Table 1. Mean scald severity for barley accessions and Alberta cultivars, scald pathotype field study, Lacombe, Alberta, 2004.
 | Pathotype and scald severity (0-9 scale) | |
| Accession/cultivar† | Kasota | Seebe | CDC Earl | Harrington | Mean | Rating index |
| Abyssinian | 2.5 | 2.8 | 2.3 | 3.0 | 2.6 | 2.5 |
| AC Harper | 6.5 | 5.8 | 6.8 | 6.3 | 6.3 | 3.3 |
| AC Stacey | 9.0 | 4.5 | 3.8 | 3.5 | 5.2 | 17.3 |
| API/CM67-B//AGER | 8.3 | 6.5 | 6.5 | 5.5 | 6.7 | 8.3 |
| Atlas | 9.0 | 4.0 | 3.8 | 4.3 | 5.3 | 16.0 |
| Atlas46 | 4.5 | 2.5 | 4.0 | 3.8 | 3.7 | 6.3 |
| Atlas68 | 6.5 | 4.0 | 6.3 | 4.8 | 5.4 | 9.0 |
| CDC Dolly | 9.0 | 5.5 | 4.8 | 4.3 | 5.9 | 15.0 |
| CDC Earl | 6.3 | 6.5 | 9.0 | 8.5 | 7.6 | 10.3 |
| Duke | 5.5 | 5.5 | 7.5 | 7.5 | 6.5 | 8.0 |
| Falcon | 7.0 | 6.8 | 5.5 | 5.8 | 6.3 | 5.5 |
| Gatillo-Bar | 7.0 | 2.5 | 4.0 | 3.8 | 4.3 | 13.8 |
| Harrington | 9.0 | 9.0 | 8.8 | 8.3 | 8.8 | 2.5 |
| Jaeger | 6.8 | 4.8 | 8.8 | 7.5 | 6.9 | 12.8 |
| Johnston | 5.8 | 4.8 | 6.0 | 4.8 | 5.3 | 4.8 |
| Kasota | 8.8 | 4.3 | 3.8 | 3.5 | 5.1 | 16.3 |
| Kitchin | 4.8 | 4.0 | 4.3 | 3.8 | 4.2 | 3.3 |
| Leduc | 6.3 | 6.8 | 7.5 | 4.5 | 6.3 | 9.5 |
| Mahigan | 8.8 | 3.8 | 4.3 | 4.0 | 5.2 | 15.3 |
| Manny | 5.8 | 1.0 | 0.8 | 2.0 | 2.4 | 16.0 |
| Modoc | 6.0 | 6.5 | 8.0 | 6.5 | 6.8 | 6.0 |
| Niobe | 6.3 | 5.3 | 9.0 | 7.8 | 7.1 | 12.8 |
| Niska | 8.5 | 7.5 | 4.3 | 5.8 | 6.5 | 14.5 |
| Osiris | 3.8 | 1.5 | 3.0 | 2.5 | 2.7 | 7.3 |
| Peregrine | 7.0 | 8.0 | 7.5 | 7.3 | 7.4 | 3.3 |
| Ponoka | 8.5 | 5.0 | 3.8 | 3.8 | 5.3 | 15.5 |
| Seebe | 3.5 | 3.3 | 3.3 | 2.5 | 3.1 | 3.0 |
| Shyri | 3.8 | 3.8 | 3.5 | 3.8 | 3.7 | 0.8 |
| Trebi | 7.3 | 6.5 | 7.3 | 7.3 | 7.1 | 2.3 |
| Trochu | 7.8 | 6.5 | 8.0 | 6.5 | 7.2 | 5.8 |
| Turk | 3.3 | 2.8 | 5.8 | 4.0 | 3.9 | 9.8 |
| Vivar | 7.8 | 7.5 | 8.3 | 6.5 | 7.5 | 5.5 |
| LSD .05 | 1.1 | 1.5 | 1.3 | 1.1 | | |
| Mean pathotype severity | 6.6 | 5.0 | 5.6 | 5.1 | | |
† Hudson data not included due to winter growth habit. No symptoms occurred on Hudson with the Kasota, Seebe, and CDC Earl pathotypes, while trace to low scald levels were observed for the Harrington pathotype.
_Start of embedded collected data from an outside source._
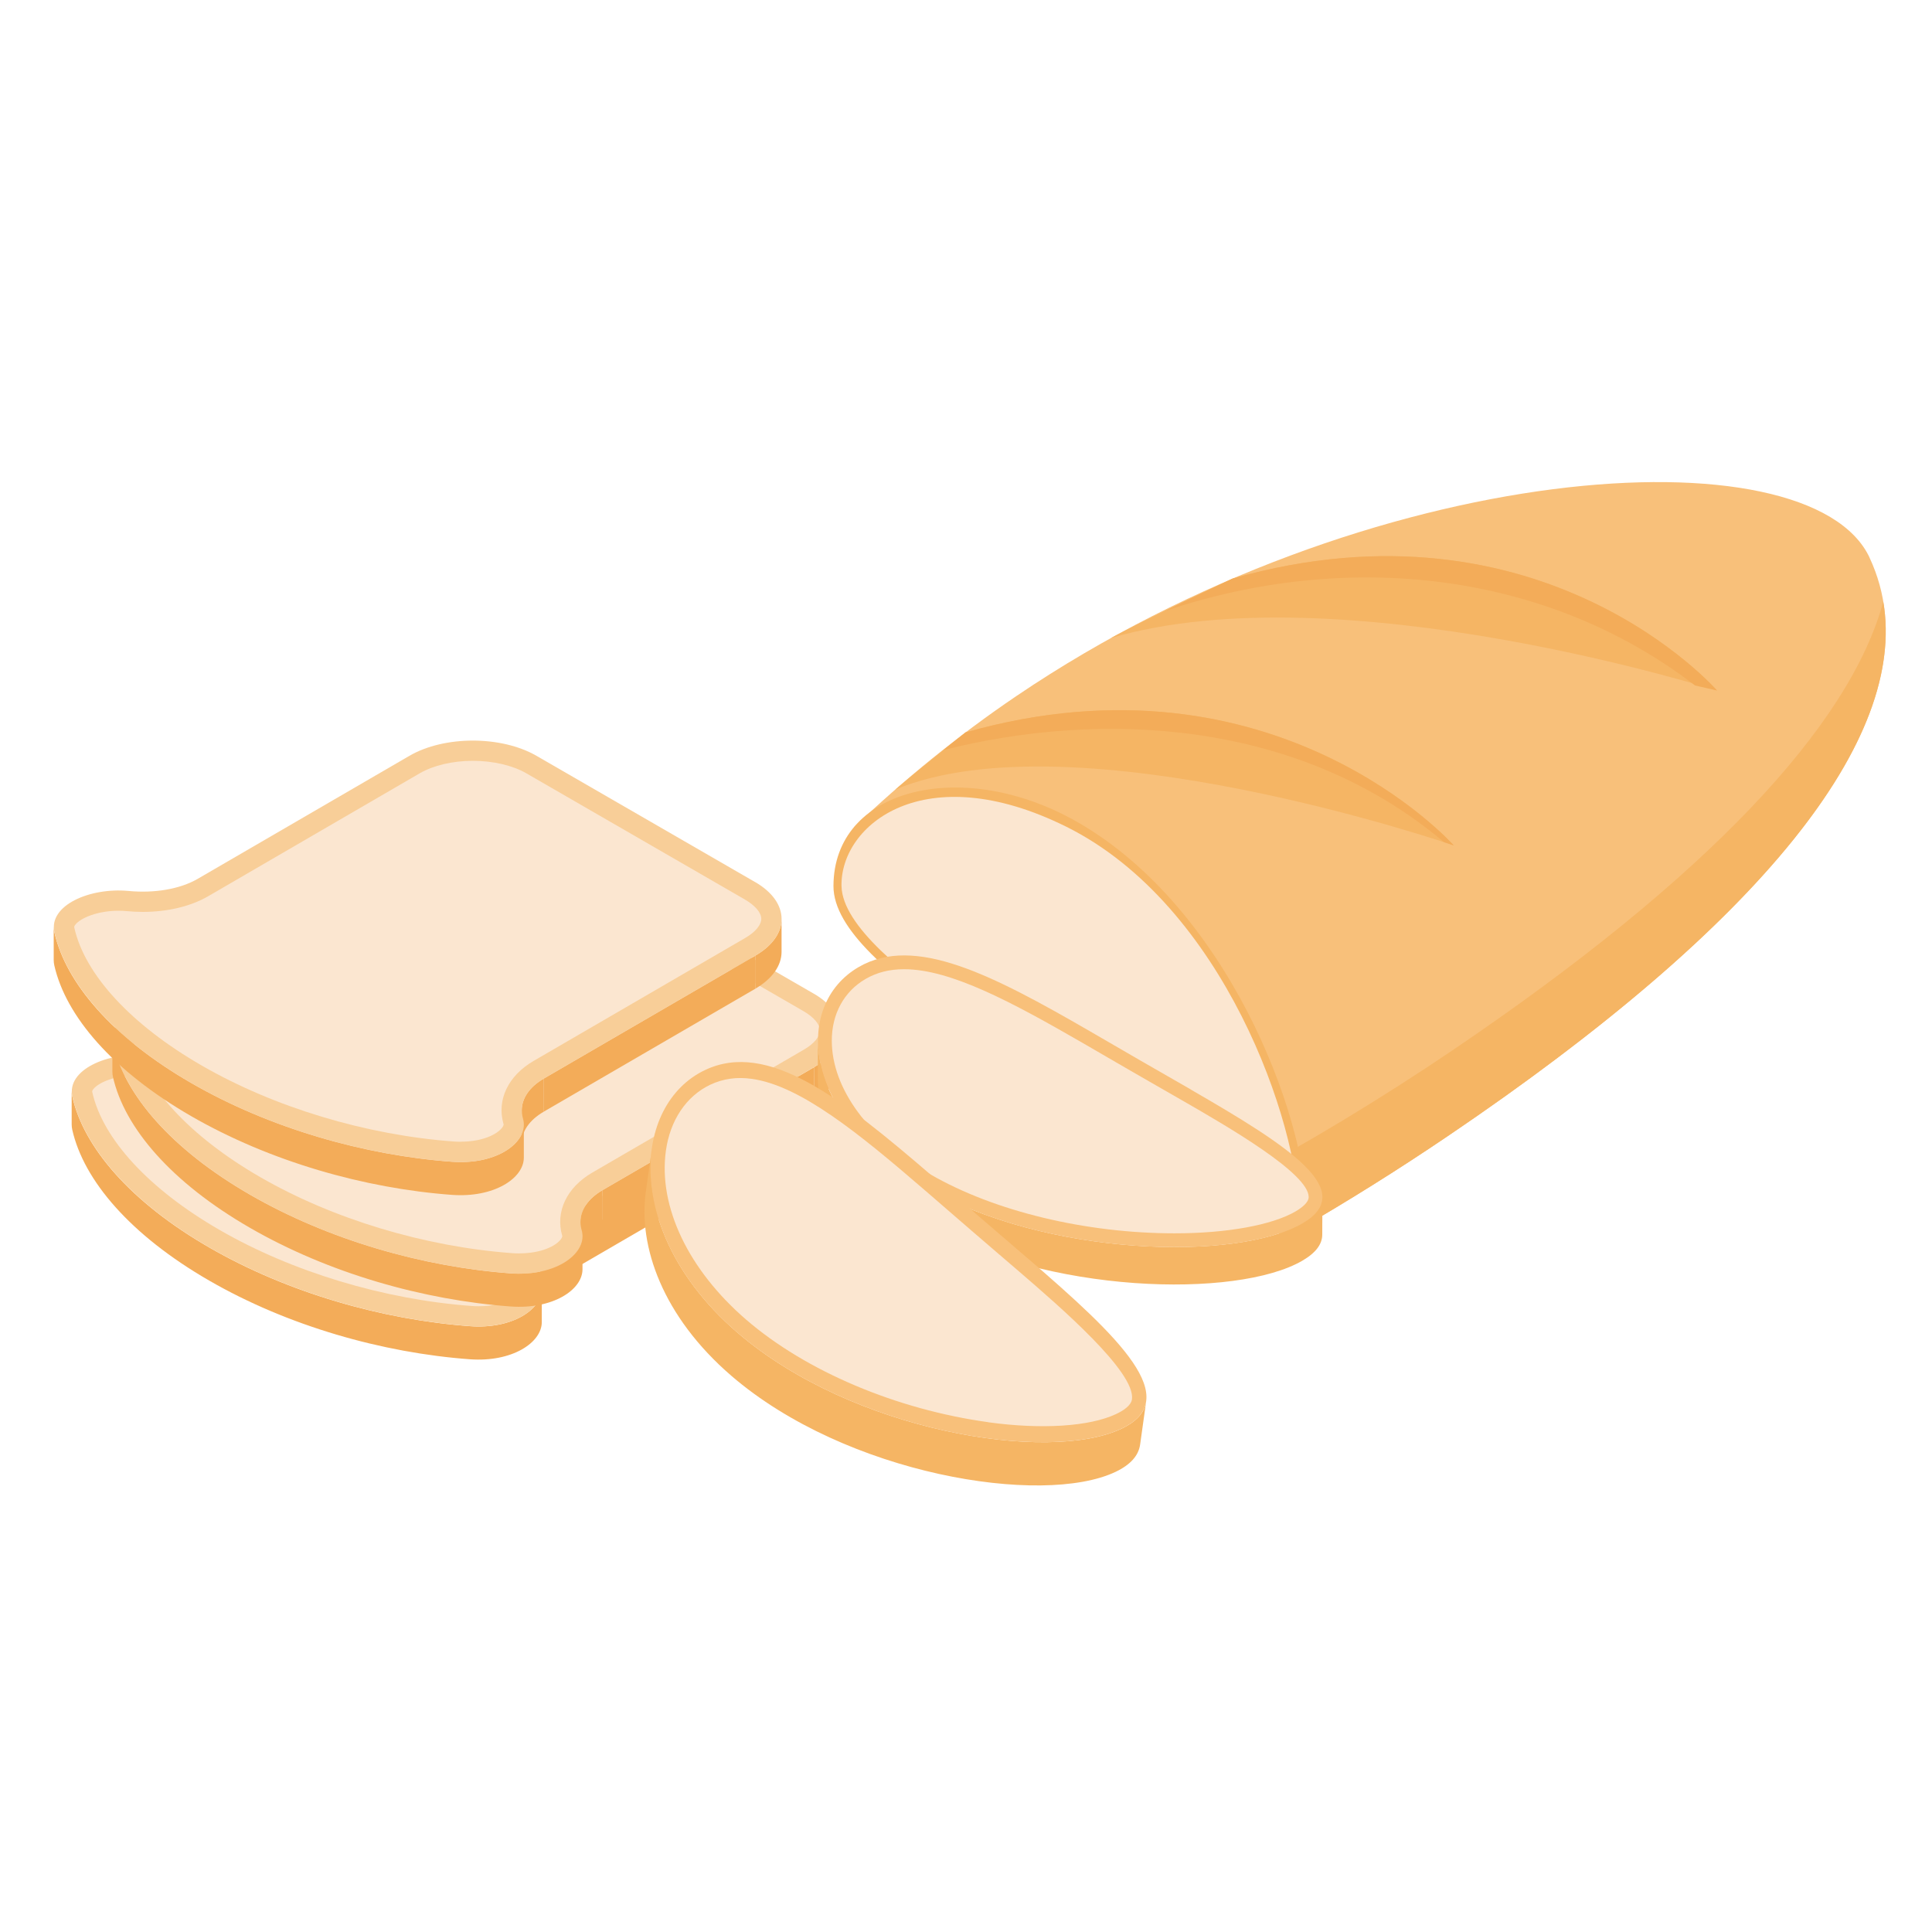 <?xml version="1.0" encoding="UTF-8"?>
<svg id="Layer_1" data-name="Layer 1" xmlns="http://www.w3.org/2000/svg" viewBox="0 0 300 300">
  <defs>
    <style>
      .cls-1 {
        fill: #f8ce98;
      }

      .cls-2 {
        fill: #f5b564;
      }

      .cls-3 {
        isolation: isolate;
      }

      .cls-4 {
        fill: #f8c07a;
      }

      .cls-5 {
        fill: #fbe6d0;
      }

      .cls-6 {
        fill: #f3ac59;
      }
    </style>
  </defs>
  <g class="cls-3">
    <path class="cls-6" d="M124.15,168.24v5.14c-.02,2.05-1.37,4.1-4.07,5.67v-5.14c2.71-1.57,4.06-3.62,4.07-5.67Z"/>
    <polygon class="cls-6" points="120.1 173.91 120.08 179.05 87.21 198.15 87.23 193.01 120.1 173.91"/>
    <path class="cls-6" d="M83.8,203.07v-5.14c.02-1.83,1.17-3.6,3.43-4.92v5.14c-2.28,1.32-3.43,3.09-3.43,4.92Z"/>
    <path class="cls-6" d="M84.13,200.17v5.14c-.02,3.2-4.65,6.23-11.15,5.76-13.61-1-28.3-5.18-40.51-12.23s-19.48-15.54-21.25-23.42c-.06-.27-.09-.54-.09-.81v-5.14c.01.26.04.53.1.81,1.76,7.88,9.04,16.38,21.25,23.42,12.2,7.04,26.89,11.23,40.51,12.23,6.5.48,11.12-2.56,11.13-5.76Z"/>
    <g>
      <path class="cls-1" d="M120.04,162.49c5.46,3.15,5.49,8.27.06,11.42l-32.87,19.1c-2.8,1.63-3.89,3.94-3.23,6.21,1.02,3.51-3.86,7.23-11,6.7-13.61-1-28.3-5.19-40.51-12.23-12.2-7.04-19.48-15.54-21.25-23.42-.93-4.13,5.47-6.97,11.54-6.39,3.92.37,7.92-.26,10.72-1.89l32.87-19.1c5.43-3.15,14.25-3.15,19.72,0l33.94,19.6Z"/>
      <path class="cls-5" d="M74.34,202.83c-.36,0-.74-.01-1.11-.04-13.61-1-27.88-5.3-39.16-11.82-10.92-6.3-18.12-14.1-19.74-21.38-.02-.1-.05-.21.17-.48.83-1.04,3.46-2.15,6.69-2.15.43,0,.87.02,1.29.06.82.08,1.65.12,2.48.12,3.84,0,7.44-.86,10.13-2.42l32.87-19.1c2.12-1.23,5.13-1.94,8.26-1.94s6.16.71,8.3,1.94l33.94,19.6c1.59.92,2.54,2.04,2.54,3,0,.95-.93,2.06-2.48,2.96l-32.87,19.1c-3.97,2.31-5.76,6.07-4.67,9.82.05.16-.13.42-.21.53-.82,1.09-3.12,2.2-6.42,2.2Z"/>
    </g>
  </g>
  <g class="cls-3">
    <path class="cls-6" d="M130.47,160.04v5.14c-.02,2.05-1.37,4.1-4.07,5.67v-5.14c2.71-1.57,4.06-3.62,4.07-5.67Z"/>
    <polygon class="cls-6" points="126.42 165.71 126.4 170.85 93.53 189.95 93.55 184.81 126.42 165.71"/>
    <path class="cls-6" d="M90.12,194.87v-5.14c.02-1.83,1.17-3.6,3.43-4.92v5.14c-2.28,1.32-3.43,3.09-3.43,4.92Z"/>
    <path class="cls-6" d="M90.45,191.97v5.14c-.02,3.2-4.65,6.23-11.15,5.76-13.61-1-28.3-5.18-40.51-12.23-12.2-7.04-19.48-15.54-21.25-23.42-.06-.27-.09-.54-.09-.81v-5.14c.01.26.04.53.1.81,1.76,7.88,9.04,16.38,21.25,23.42,12.2,7.04,26.89,11.23,40.51,12.23,6.5.48,11.12-2.56,11.13-5.76Z"/>
    <g>
      <path class="cls-1" d="M126.36,154.29c5.46,3.15,5.49,8.27.06,11.42l-32.87,19.1c-2.8,1.63-3.89,3.94-3.23,6.21,1.02,3.51-3.86,7.23-11,6.7-13.61-1-28.3-5.18-40.51-12.23-12.2-7.04-19.48-15.54-21.25-23.42-.93-4.13,5.47-6.97,11.54-6.39,3.92.37,7.92-.26,10.72-1.89l32.87-19.1c5.43-3.15,14.25-3.15,19.72,0l33.94,19.6Z"/>
      <path class="cls-5" d="M80.66,194.63c-.36,0-.74-.01-1.11-.04-13.61-1-27.88-5.3-39.16-11.82-10.92-6.3-18.12-14.1-19.74-21.38-.02-.1-.05-.21.17-.48.83-1.04,3.46-2.15,6.69-2.15.43,0,.87.02,1.29.06.82.08,1.65.12,2.48.12,3.84,0,7.44-.86,10.13-2.42l32.87-19.1c2.12-1.23,5.13-1.94,8.26-1.94s6.16.71,8.3,1.94l33.94,19.6c1.59.92,2.54,2.04,2.54,3,0,.95-.93,2.06-2.48,2.96l-32.87,19.1c-3.97,2.31-5.76,6.07-4.67,9.82.05.16-.13.42-.21.53-.82,1.09-3.12,2.19-6.42,2.19Z"/>
    </g>
  </g>
  <g class="cls-3">
    <path class="cls-6" d="M121.36,142.71v5.14c-.02,2.05-1.37,4.1-4.07,5.67v-5.14c2.71-1.57,4.06-3.62,4.07-5.67Z"/>
    <polygon class="cls-6" points="117.31 148.38 117.3 153.52 84.43 172.62 84.44 167.48 117.31 148.38"/>
    <path class="cls-6" d="M81.01,177.54v-5.14c.02-1.83,1.17-3.6,3.43-4.92v5.14c-2.28,1.32-3.43,3.09-3.43,4.92Z"/>
    <path class="cls-6" d="M81.34,174.64v5.14c-.02,3.2-4.65,6.23-11.15,5.76-13.61-1-28.3-5.19-40.51-12.23-12.2-7.04-19.48-15.54-21.25-23.42-.06-.27-.09-.54-.09-.81v-5.14c.01.26.04.53.1.81,1.76,7.88,9.04,16.38,21.25,23.42,12.2,7.04,26.89,11.23,40.51,12.23,6.5.48,11.12-2.56,11.13-5.76Z"/>
    <g>
      <path class="cls-1" d="M117.25,136.96c5.46,3.15,5.49,8.27.06,11.42l-32.87,19.1c-2.8,1.63-3.89,3.94-3.23,6.21,1.02,3.51-3.86,7.23-11,6.7-13.61-1-28.3-5.18-40.51-12.23-12.2-7.04-19.48-15.54-21.25-23.42-.93-4.13,5.47-6.97,11.54-6.39,3.92.37,7.92-.26,10.72-1.89l32.87-19.1c5.43-3.15,14.25-3.15,19.72,0l33.94,19.6Z"/>
      <path class="cls-5" d="M71.55,177.29c-.36,0-.74-.01-1.11-.04-13.61-1-27.88-5.3-39.16-11.82-10.92-6.3-18.12-14.1-19.74-21.38-.02-.1-.05-.21.17-.48.83-1.04,3.46-2.15,6.69-2.15.43,0,.87.02,1.29.06.82.08,1.65.12,2.48.12,3.84,0,7.44-.86,10.13-2.42l32.87-19.1c2.12-1.23,5.13-1.94,8.26-1.94s6.16.71,8.3,1.94l33.94,19.6c1.59.92,2.54,2.04,2.54,3,0,.95-.93,2.06-2.48,2.96l-32.87,19.1c-3.97,2.31-5.76,6.07-4.67,9.82.05.16-.13.42-.21.53-.82,1.09-3.12,2.19-6.42,2.19Z"/>
    </g>
  </g>
  <g>
    <g>
      <path class="cls-4" d="M290.31,86.59c-9.32-19.9-77.65-15.59-132.44,21.46-9.16,6.2-17.62,13.12-25.27,20.41,2.56,12.8,16.68,16.98,26.48,23.68,15.9,9.75,26.23,30.37,42.62,38.77,7.66-4.44,15.35-9.24,22.94-14.38,54.79-37.06,75.97-67.93,65.66-89.94Z"/>
      <path class="cls-2" d="M292.44,93.41c-5.26,19.32-27.29,42.89-66.93,69.7-11.28,7.63-22.76,14.53-34.04,20.56,3.2,2.85,6.57,5.35,10.24,7.23,7.66-4.44,15.35-9.24,22.94-14.38,49.34-33.37,71.41-61.73,67.78-83.11Z"/>
      <path class="cls-2" d="M191.43,89.83c48.11-13.66,75.18,17.39,75.18,17.39,0,0-58.63-18.59-94.13-8.14,5.29-2.85,18.95-9.26,18.95-9.26Z"/>
      <path class="cls-6" d="M263.19,106.44c2.19.49,3.43.78,3.43.78,0,0-27.08-31.05-75.18-17.39,0,0-5.31,2.49-10.59,5.06,28.17-9.49,59.12-6.29,82.35,11.55Z"/>
      <path class="cls-2" d="M149.93,113.73c48.11-13.66,75.8,17.54,75.8,17.54,0,0-58.81-20.24-86.69-8.68,4.95-4.18,10.89-8.85,10.89-8.85Z"/>
      <path class="cls-6" d="M224.2,130.76c.99.32,1.53.51,1.53.51,0,0-27.7-31.19-75.8-17.54,0,0-1.42,1.12-3.44,2.74,24.54-6.2,55.11-4.79,77.72,14.29Z"/>
    </g>
    <g>
      <path class="cls-2" d="M166.17,127.03c-17.16-9.24-36.71-4.59-36.75,10.55-.02,6.72,8.99,14.1,19.8,21.61,5.49,3.81,11.44,7.65,16.93,11.46,5.48,3.81,11.44,8.23,16.93,12.04,10.82,7.51,19.82,12.63,19.84,5.91.04-15.14-12.49-48.52-36.75-61.58Z"/>
      <path class="cls-5" d="M130.67,137.59c.13,6.15,9.69,13.72,19.18,20.31,2.74,1.9,5.65,3.85,8.46,5.73,2.81,1.88,5.72,3.83,8.47,5.73,2.75,1.91,5.65,4,8.47,6.02,2.81,2.02,5.72,4.12,8.46,6.02,5.93,4.11,13.17,8.84,16.58,8.84,1.08,0,1.39-.37,1.39-1.63.03-13.98-11.66-48.11-36.13-60.25-22-10.91-35.08-.3-34.88,9.23Z"/>
    </g>
  </g>
  <g class="cls-3">
    <path class="cls-2" d="M205.34,185.89l-.02,5.81c0,1.47-.97,2.83-3.11,4.07-10.12,5.88-39.79,5.25-58.82-5.74-11.42-6.6-16.42-15.42-16.4-22.7l.02-5.81c-.02,7.28,4.98,16.1,16.4,22.7,19.03,10.99,48.7,11.62,58.82,5.74,2.14-1.24,3.1-2.6,3.11-4.07Z"/>
    <g>
      <path class="cls-4" d="M184.93,169.2c15.25,8.8,25.99,15.72,17.31,20.77-10.12,5.88-39.79,5.25-58.82-5.74s-20.22-28.17-10.1-34.06c8.69-5.05,20.67,1.15,35.92,9.96,2.52,1.46,5.13,2.98,7.83,4.54,2.7,1.56,5.34,3.07,7.87,4.52Z"/>
      <path class="cls-5" d="M182.42,191.51c-13.84,0-28.02-3.42-37.93-9.14-9.59-5.54-15.32-13.31-15.33-20.78,0-4.15,1.9-7.63,5.23-9.57,1.76-1.02,3.72-1.52,6-1.52,7.29,0,16.89,5.2,27.78,11.48,1.24.72,2.51,1.45,3.79,2.2,1.32.77,2.67,1.55,4.04,2.34,1.39.8,2.77,1.59,4.12,2.37,1.27.73,2.53,1.45,3.75,2.15,6.76,3.9,19.34,11.16,19.34,14.83,0,.87-1.11,1.69-2.04,2.24-3.66,2.13-10.67,3.4-18.74,3.4Z"/>
    </g>
  </g>
  <g class="cls-3">
    <path class="cls-2" d="M177.98,217.58l-.94,6.71c-.24,1.7-1.44,3.13-3.84,4.27-11.35,5.37-41.79.45-59.64-14.93-10.71-9.23-14.46-20.14-13.28-28.54l.94-6.71c-1.17,8.4,2.57,19.31,13.28,28.54,17.85,15.38,48.29,20.3,59.64,14.93,2.4-1.14,3.61-2.57,3.84-4.27Z"/>
    <g>
      <path class="cls-4" d="M159.61,195.41c14.3,12.33,24.27,21.83,14.52,26.44-11.35,5.37-41.79.45-59.64-14.93-17.85-15.38-16.35-35.4-5-40.77,9.74-4.61,21.09,4.25,35.4,16.58,2.37,2.04,4.81,4.17,7.34,6.35,2.53,2.18,5.02,4.3,7.38,6.34Z"/>
      <path class="cls-5" d="M153.48,220.84c-14.25-1.96-28.31-7.9-37.6-15.91-8.99-7.75-13.66-17.54-12.49-26.18.65-4.79,3.17-8.55,6.91-10.32,1.98-.93,4.08-1.23,6.41-.91,7.51,1.03,16.57,8.39,26.77,17.19,1.17,1.01,2.35,2.03,3.56,3.08,1.24,1.08,2.5,2.17,3.79,3.28,1.3,1.12,2.59,2.23,3.86,3.32,1.2,1.02,2.37,2.03,3.52,3.02,6.34,5.46,18.14,15.63,17.56,19.87-.14,1-1.41,1.8-2.46,2.29-4.11,1.94-11.52,2.42-19.84,1.28Z"/>
    </g>
  </g>
</svg>

When averaged over the four separate pathotype experiments, cultivars Manny and Seebe had among the lowest scald severities, while Harrington, CDC Earl, Vivar, Peregrine, Trochu, Niobe, and Jaeger had among the highest levels of scald, while the remaining cultivars had intermediate disease levels. Of the accessions, Abyssinian, Shyri, Osiris, Atlas46 and Turk had among the lowest disease severities, while API/CM67-B//AGER, Modoc, and Trebi had the highest scald levels. A greater potential for pathotype specific responses were indicated by the ranking index for a number of cultivars with higher index values, especially for AC Stacey, CDC Dolly, Kasota, Mahigan, Manny, and Ponoka. For example, AC Stacey, Kasota, Manny, and Ponoka tended to have the highest levels of disease with the Kasota pathotype, while CDC Earl, Duke and Niobe tended to have the highest rating when inoculated with either the CDC Earl or Harrington pathotype. Accessions with the highest index values included Atlas, which tended to have the highest rating with the Kasota pathotype. Consistently low ratings over all pathotypes and lower rating index values occurred for Seebe, Shyri, Osiris, Abyssinian, and Kitchin, while consistently higher ratings and lower index values occurred for Harrington, Peregrine, and Trebi.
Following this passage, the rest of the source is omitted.